CLINTON, J., adhering to traditional rules enunciated in State ex rel. Curry v. Gray, 726 S.W.2d 125, 126 (Tex.Cr.App.1987), dissents to this denial of judicial power to decide an issue raised by real parties in interest. MILLER, J., agrees with Judge MEYERS’ conclusion that from now on this Court will “authorize review by mandamus of discretionary decisions by trial court judges” as long as the discretionary decision is “wrong” enough. To this extreme departure from the doctrine of State ex rel. Curry v. Gray, 726 S.W.2d 125 (Tex.Cr.App.1987), he dissents.

. With all due respect to relator's reference to Else and Boyles as "special prosecutors,” we question whether the instant case actually involves the appointment of “special prosecutors” as that term is understood in the laws of this state. Respondent did not appoint Else and Boyles, as he might have in an Art. 2.07 situation. TEX.CODE CRIM.PROC.ANN. Art. 2.07. Outside parties did not privately retain Else and Boyles to serve as special prosecutors. Cf. Lopez v. State, 437 S.W.2d 268, at 269 (Tex.Cr.App.1968); Ex Parte Powers, 487 S.W.2d 101, at 104 (Tex.Cr.App.1972); Davis v. State, 513 S.W.2d 928, at 931 (Tex.Cr.App.1974); and Ballard v. State, 519 S.W.2d 426, at 428 (Tex.Cr.App.1975). Relator also was not surrendering control and management of the prosecution as he would in the event of a conflict of interest.

As an example, a conflict of interest would constitute an exception to a district attorney’s statutory obligation to represent the State in all criminal cases. See TEX.CODE CRIM.PROC. ANN. Art. 2.01. In such a case, the responsibility of recusal would lie with the elected district attorney. See State ex rel. Eidson v. Edwards, 793 S.W.2d 1 (Tex.Cr.App.1990). The district attorney would then step aside. That is not the situation in the instant case.
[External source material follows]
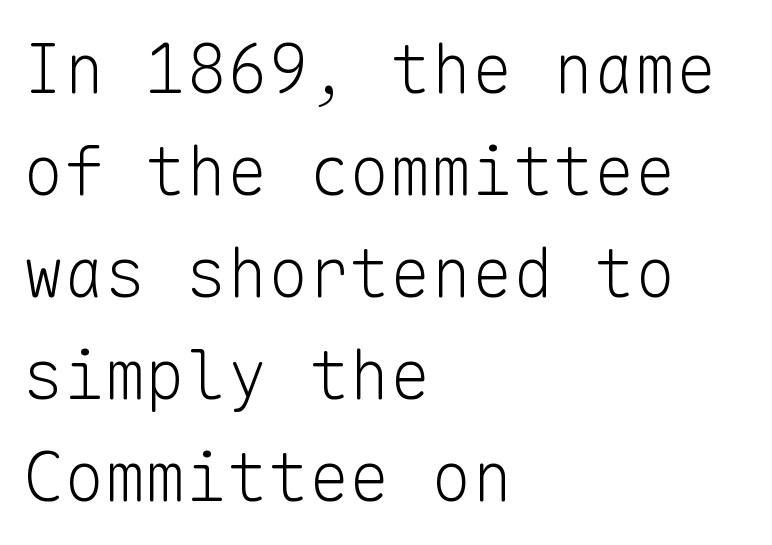
{"serif": "no", "italic": "no", "bold": "no", "weight": "light", "width": "normal", "stroke_contrast": "low", "x_height": "medium", "monospaced": "yes", "underline": "no", "align": "left", "line_spacing": "normal", "line_spacing_ratio": 1.5, "letter_spacing": "normal", "letter_spacing_em": 0.0, "glyph_px": 68}

Else and Boyles were not appointed to be independent prosecutors in the criminal prosecution of the real parties in interest, or brought in by outside parties to assist relator. As pointed out in the factual summary above, relator appointed Else and Boyles to be assistant district attorneys in his deputation order. They were to be active, even though not permanent, members of relator’s staff.

. Randall County has its own criminal district attorney, who is empowered to represent the State in all criminal matters before the district courts of Randall County. See TEX. GOVT.CODE ANN. § 44.291(a). He is not designated the district attorney for the 251st judicial district. His title is merely Criminal District Attorney of Randall County.
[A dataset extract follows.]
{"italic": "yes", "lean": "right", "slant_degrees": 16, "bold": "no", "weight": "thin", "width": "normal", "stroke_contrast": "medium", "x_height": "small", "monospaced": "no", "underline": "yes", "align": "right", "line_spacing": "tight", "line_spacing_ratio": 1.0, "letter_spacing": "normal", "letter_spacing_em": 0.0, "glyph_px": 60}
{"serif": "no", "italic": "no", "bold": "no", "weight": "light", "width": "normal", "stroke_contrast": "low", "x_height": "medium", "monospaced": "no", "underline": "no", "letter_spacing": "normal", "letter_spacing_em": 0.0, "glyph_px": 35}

. Even in a case where a district attorney recuses himself so that a special prosecutor can be appointed, see Eidson v. Edwards, 793 S.W.2d, n. 4, at 5, the authority of a commissioners court is limited to deciding only whether or not they will contract "with another commissioners court to pay expenses and reimburse compensation paid by a county to an attorney for the state who is appointed to perform additional duties.” See Art. 2.07(b), supra (An Art. 2.07 special prosecutor is not entitled to additional compensation if he already receives a salary as an attorney for the State.).

. We believe the law would not prevent a District Attorney from hiring employees and paying them from funds which are under his direct control.